Tim Hecker

This is the first intervention by Canadian musician Tim Hecker in a Mexican museum. Known for his elegant combinations of ambient, digital noise, drone, and minimalism, influenced by his recent conversion to Buddhism, Hecker will premiere a piece composed specifically for the MUAC's Sound Experimentation Space (EES) and its 22.2-channel system, which will extend the explorations carried out on albums such as Harmony in Ultraviolet, Ravedeath 1972, or the most recent Shards. It is an immersive experience that demands the listener's full sensory participation.

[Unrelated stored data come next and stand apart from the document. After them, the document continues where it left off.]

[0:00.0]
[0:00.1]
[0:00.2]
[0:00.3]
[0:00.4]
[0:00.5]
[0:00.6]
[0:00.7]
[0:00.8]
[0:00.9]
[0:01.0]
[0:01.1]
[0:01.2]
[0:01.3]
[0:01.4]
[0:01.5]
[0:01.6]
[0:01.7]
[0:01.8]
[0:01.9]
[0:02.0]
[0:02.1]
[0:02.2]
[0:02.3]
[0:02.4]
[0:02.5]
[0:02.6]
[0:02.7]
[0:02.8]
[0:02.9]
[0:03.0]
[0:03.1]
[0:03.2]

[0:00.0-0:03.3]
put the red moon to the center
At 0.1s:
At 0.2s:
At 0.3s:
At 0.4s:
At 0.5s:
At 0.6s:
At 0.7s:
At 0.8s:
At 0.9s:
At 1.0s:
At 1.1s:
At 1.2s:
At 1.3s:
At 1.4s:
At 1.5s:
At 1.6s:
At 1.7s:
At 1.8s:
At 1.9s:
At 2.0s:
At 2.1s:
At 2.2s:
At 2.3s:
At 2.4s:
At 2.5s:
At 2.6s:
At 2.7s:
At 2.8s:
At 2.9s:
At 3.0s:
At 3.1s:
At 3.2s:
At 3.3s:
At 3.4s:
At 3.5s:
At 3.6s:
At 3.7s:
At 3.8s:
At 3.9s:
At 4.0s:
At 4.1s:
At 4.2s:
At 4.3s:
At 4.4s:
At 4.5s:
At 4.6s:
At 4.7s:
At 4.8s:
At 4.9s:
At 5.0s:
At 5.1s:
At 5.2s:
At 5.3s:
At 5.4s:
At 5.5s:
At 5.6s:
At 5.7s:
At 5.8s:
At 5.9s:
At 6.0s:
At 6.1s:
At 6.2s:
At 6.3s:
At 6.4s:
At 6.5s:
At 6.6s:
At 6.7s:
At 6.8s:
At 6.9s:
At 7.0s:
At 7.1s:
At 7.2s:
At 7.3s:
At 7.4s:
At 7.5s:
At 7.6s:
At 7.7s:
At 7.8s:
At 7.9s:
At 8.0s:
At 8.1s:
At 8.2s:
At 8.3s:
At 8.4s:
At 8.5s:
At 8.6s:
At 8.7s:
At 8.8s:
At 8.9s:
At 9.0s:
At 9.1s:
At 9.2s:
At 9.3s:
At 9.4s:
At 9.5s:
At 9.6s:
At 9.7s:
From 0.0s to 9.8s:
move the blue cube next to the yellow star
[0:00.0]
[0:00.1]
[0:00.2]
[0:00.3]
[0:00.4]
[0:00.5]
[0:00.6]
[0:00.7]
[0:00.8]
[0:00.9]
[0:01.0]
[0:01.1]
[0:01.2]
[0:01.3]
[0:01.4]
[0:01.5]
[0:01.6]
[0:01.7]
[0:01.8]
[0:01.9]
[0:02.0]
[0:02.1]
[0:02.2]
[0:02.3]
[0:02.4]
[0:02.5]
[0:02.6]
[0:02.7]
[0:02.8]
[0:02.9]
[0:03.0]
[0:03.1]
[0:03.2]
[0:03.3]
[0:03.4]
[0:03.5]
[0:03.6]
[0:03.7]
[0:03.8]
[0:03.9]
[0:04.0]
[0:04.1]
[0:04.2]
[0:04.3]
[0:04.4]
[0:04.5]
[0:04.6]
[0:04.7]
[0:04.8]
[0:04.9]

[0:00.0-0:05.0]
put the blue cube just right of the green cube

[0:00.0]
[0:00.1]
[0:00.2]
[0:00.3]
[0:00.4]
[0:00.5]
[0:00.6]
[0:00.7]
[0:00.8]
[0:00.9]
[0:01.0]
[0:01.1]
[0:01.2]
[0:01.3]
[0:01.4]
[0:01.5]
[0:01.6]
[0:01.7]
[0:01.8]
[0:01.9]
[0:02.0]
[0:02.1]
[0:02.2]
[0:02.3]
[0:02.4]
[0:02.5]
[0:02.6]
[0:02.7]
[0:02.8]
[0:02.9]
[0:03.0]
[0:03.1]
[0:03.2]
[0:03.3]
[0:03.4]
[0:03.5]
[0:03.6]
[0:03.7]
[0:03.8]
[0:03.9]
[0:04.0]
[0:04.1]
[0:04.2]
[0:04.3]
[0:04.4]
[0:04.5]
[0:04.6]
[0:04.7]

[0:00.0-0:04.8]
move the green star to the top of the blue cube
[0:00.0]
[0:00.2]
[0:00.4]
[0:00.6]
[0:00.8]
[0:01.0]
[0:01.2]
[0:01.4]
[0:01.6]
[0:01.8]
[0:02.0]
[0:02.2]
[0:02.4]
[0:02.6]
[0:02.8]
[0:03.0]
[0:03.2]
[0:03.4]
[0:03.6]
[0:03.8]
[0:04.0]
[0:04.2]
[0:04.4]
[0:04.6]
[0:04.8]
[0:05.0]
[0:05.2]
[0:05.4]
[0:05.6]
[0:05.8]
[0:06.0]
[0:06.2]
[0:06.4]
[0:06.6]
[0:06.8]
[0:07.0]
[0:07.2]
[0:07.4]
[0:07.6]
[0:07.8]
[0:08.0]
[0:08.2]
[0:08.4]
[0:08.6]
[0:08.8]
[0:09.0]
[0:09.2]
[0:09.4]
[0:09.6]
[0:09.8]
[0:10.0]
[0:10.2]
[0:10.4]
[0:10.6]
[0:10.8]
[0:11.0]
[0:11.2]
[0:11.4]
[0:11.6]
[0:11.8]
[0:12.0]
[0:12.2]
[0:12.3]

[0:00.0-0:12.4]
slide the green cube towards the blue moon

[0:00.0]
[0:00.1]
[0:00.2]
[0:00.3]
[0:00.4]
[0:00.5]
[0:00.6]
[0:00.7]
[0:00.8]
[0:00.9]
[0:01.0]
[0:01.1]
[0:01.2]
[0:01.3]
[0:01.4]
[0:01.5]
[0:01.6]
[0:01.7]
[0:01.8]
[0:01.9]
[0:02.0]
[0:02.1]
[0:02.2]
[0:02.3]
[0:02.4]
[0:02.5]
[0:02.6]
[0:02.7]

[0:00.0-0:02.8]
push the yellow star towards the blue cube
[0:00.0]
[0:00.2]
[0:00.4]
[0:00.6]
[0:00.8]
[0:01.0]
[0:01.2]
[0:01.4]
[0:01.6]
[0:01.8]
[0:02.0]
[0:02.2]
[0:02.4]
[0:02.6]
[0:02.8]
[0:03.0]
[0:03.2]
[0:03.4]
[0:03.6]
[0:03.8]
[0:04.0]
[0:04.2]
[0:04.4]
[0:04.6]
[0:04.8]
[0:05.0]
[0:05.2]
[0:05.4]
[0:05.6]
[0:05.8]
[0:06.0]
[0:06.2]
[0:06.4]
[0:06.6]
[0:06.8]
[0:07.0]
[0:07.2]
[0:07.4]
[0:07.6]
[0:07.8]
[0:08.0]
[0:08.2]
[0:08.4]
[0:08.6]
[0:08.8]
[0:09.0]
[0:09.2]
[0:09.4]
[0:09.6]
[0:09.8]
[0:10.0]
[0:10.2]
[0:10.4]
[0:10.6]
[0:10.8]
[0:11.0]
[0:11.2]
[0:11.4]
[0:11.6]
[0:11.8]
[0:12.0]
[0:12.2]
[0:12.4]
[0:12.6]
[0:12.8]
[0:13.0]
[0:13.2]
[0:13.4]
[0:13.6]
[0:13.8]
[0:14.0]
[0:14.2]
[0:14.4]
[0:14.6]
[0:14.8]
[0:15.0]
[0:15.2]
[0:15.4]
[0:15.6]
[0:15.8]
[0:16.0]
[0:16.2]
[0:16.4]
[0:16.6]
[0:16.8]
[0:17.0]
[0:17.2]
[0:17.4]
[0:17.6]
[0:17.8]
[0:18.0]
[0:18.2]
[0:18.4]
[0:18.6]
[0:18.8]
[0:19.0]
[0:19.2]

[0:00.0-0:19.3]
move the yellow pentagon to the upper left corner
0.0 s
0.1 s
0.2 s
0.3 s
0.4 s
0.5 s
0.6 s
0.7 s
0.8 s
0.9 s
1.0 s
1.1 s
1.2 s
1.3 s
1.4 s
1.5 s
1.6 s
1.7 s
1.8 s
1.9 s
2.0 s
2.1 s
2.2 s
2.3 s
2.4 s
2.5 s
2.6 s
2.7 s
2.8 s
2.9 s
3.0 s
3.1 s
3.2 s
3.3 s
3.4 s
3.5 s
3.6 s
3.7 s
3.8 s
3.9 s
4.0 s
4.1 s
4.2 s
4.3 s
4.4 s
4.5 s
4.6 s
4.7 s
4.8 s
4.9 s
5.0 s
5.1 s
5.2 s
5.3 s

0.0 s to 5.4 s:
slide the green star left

This new composition is situated precisely at the juncture where the remnants of the landscape release a melancholy of great beauty, further accentuating its post-apocalyptic elements: the almost desperate cries of the animals, the furious vibrations that soon fade into a whisper, and the moments where electronic sounds become tense. By capturing these environments, Hecker sheds the chromatic palettes that once completely filled the space of his work and seems to come face to face with a moment of particular planetary desolation, not only on an environmental level, but also social, political, and perhaps aural. Faced with this scenario, what might be the capacities for decoding and action through listening? How do ears become involved in such radical existential changes?

Wastelands deliberately leaves these questions open, sustaining, at least for a few minutes, the wastelands of the sonic.